Prediction and characterization of IL10RB as a Type 1 Interferon regulator. (A) Distribution of classifier predicted association scores for all protein pairs with the prediction for IFNAR2 and IL10RB highlighted. (B) Cartoon of the Type 1 Interferon signaling transduction pathway. (C) Western blot of phosphorylated STAT1 (pSTAT1) abundance in IFNα2 stimulated Jurkat WT and IL10RB knockout lines at different interferon concentrations. (D) Intracellular flow cytometry measurement of cytosolic IRF9 abundance change in IFNα2 stimulated Jurkat wild type (black) and IL10RB knockout lines (grey) at various IFNα2 concentrations. Student’s t-test p-values for at the different concentrations are 0.027, 0.0036, and 0.035 for 0.1, 0.5, and 10 ng/mL respectively. (E) Cartoon workflow for monitoring interferon stimulated gene protein stimulation using quantitative proteomics when Jurkat WT and IL10RB KO cells were treated with 10 ng/mL of IFNα2 for 0, 2, 4, 8, 12, and 24 h. (F-H) Abundance change plots of selected ISGs (F) IFIT3, (G) IFI44, and (H) XAF1 in the Jurkat WT (black) and IL10RB KO (grey) cell lines.

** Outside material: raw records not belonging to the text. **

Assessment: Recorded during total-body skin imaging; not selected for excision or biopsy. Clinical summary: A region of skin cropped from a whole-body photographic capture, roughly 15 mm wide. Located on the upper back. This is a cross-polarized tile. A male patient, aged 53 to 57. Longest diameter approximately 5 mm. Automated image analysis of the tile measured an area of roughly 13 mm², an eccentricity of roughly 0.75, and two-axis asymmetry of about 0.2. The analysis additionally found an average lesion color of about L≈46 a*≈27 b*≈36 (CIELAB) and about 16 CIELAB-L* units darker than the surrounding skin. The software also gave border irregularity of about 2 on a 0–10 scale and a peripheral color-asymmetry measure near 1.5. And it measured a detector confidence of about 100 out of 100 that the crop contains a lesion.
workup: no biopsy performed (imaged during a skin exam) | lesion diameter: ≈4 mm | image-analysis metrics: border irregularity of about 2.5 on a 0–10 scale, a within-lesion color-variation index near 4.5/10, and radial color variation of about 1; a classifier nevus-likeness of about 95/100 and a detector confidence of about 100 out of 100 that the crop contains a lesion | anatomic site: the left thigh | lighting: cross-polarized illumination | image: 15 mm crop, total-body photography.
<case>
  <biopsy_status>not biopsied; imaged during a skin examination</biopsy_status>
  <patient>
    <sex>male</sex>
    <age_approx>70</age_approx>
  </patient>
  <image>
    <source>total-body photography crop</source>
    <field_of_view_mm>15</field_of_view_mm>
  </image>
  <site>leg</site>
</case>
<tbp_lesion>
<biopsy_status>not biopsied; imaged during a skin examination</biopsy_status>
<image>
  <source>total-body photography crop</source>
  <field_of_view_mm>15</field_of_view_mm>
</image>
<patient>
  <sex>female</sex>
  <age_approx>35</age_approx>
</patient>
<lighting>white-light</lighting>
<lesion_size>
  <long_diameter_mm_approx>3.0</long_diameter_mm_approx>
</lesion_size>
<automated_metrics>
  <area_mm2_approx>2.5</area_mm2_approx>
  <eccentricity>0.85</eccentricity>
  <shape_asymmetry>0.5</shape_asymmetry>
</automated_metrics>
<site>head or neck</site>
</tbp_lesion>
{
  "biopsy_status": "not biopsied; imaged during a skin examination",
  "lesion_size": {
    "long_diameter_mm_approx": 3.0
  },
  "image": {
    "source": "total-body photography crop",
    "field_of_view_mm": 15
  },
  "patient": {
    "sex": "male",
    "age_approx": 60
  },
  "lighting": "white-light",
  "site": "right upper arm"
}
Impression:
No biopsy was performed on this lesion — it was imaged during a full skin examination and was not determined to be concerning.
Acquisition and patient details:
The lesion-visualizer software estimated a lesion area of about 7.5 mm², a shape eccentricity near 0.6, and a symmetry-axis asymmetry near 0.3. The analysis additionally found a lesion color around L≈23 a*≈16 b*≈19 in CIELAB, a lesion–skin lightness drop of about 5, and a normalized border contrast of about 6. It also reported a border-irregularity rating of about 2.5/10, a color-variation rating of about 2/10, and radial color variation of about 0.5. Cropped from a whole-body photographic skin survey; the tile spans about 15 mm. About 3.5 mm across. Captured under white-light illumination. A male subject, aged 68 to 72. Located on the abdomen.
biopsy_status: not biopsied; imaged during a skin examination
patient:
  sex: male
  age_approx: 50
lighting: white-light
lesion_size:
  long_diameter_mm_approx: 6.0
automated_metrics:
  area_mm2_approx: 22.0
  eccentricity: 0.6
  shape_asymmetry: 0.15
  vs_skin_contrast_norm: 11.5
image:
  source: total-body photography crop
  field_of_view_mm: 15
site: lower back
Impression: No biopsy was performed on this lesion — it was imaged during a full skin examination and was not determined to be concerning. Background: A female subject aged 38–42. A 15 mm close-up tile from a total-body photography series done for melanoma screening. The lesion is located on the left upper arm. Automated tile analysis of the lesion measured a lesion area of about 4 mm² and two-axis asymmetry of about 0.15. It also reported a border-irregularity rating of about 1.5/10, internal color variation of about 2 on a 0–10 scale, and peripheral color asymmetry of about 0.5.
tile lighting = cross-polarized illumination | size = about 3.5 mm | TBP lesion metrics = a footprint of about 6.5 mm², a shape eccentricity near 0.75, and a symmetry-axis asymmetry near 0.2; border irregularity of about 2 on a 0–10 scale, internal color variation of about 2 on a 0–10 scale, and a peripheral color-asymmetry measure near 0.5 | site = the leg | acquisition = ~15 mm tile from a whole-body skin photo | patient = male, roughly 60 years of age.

Relative fold change was estimated in comparison to the 0 h time point. (I) Proposed model for IL10RBs regulatory mechanism for Type I Interferon signaling by competing with IFNAR1 for binding of the Jak kinase family member Tyk2.

Figure 6.

Three-dimensional network modeling to predict the surface distribution of the cell surface proteome. (A) Design walkthrough of 3D network heatmaps where (i) a 2D Kamada-Kawaii network of high-quality proximity labeling bait proteins are (ii) transformed to lie on a 3D sphere where (iii) the normalized fold change of a given surface protein of interest is projected for each bait experiment (iv) and graph connectivity can be estimated for the entire cell surface proteome. (B) 3D network heatmap models of CD45, (D) CD81, and (E) CD226. (F-H) Representative confocal microscopy images of immunostained cell surface antigens CD45, CD81, and CD226. Antigens were visualized in the GFP channel using the dye Alexa Fluor 488. (H) Scatterplot comparing the protein abundance of Jurkat cell surface proteins measured using WGA-HRP for surface protein enrichment compared to their estimated graph connectivity. (I) Distribution of estimated graph connectivity for cell surface proteins based on their functional annotation.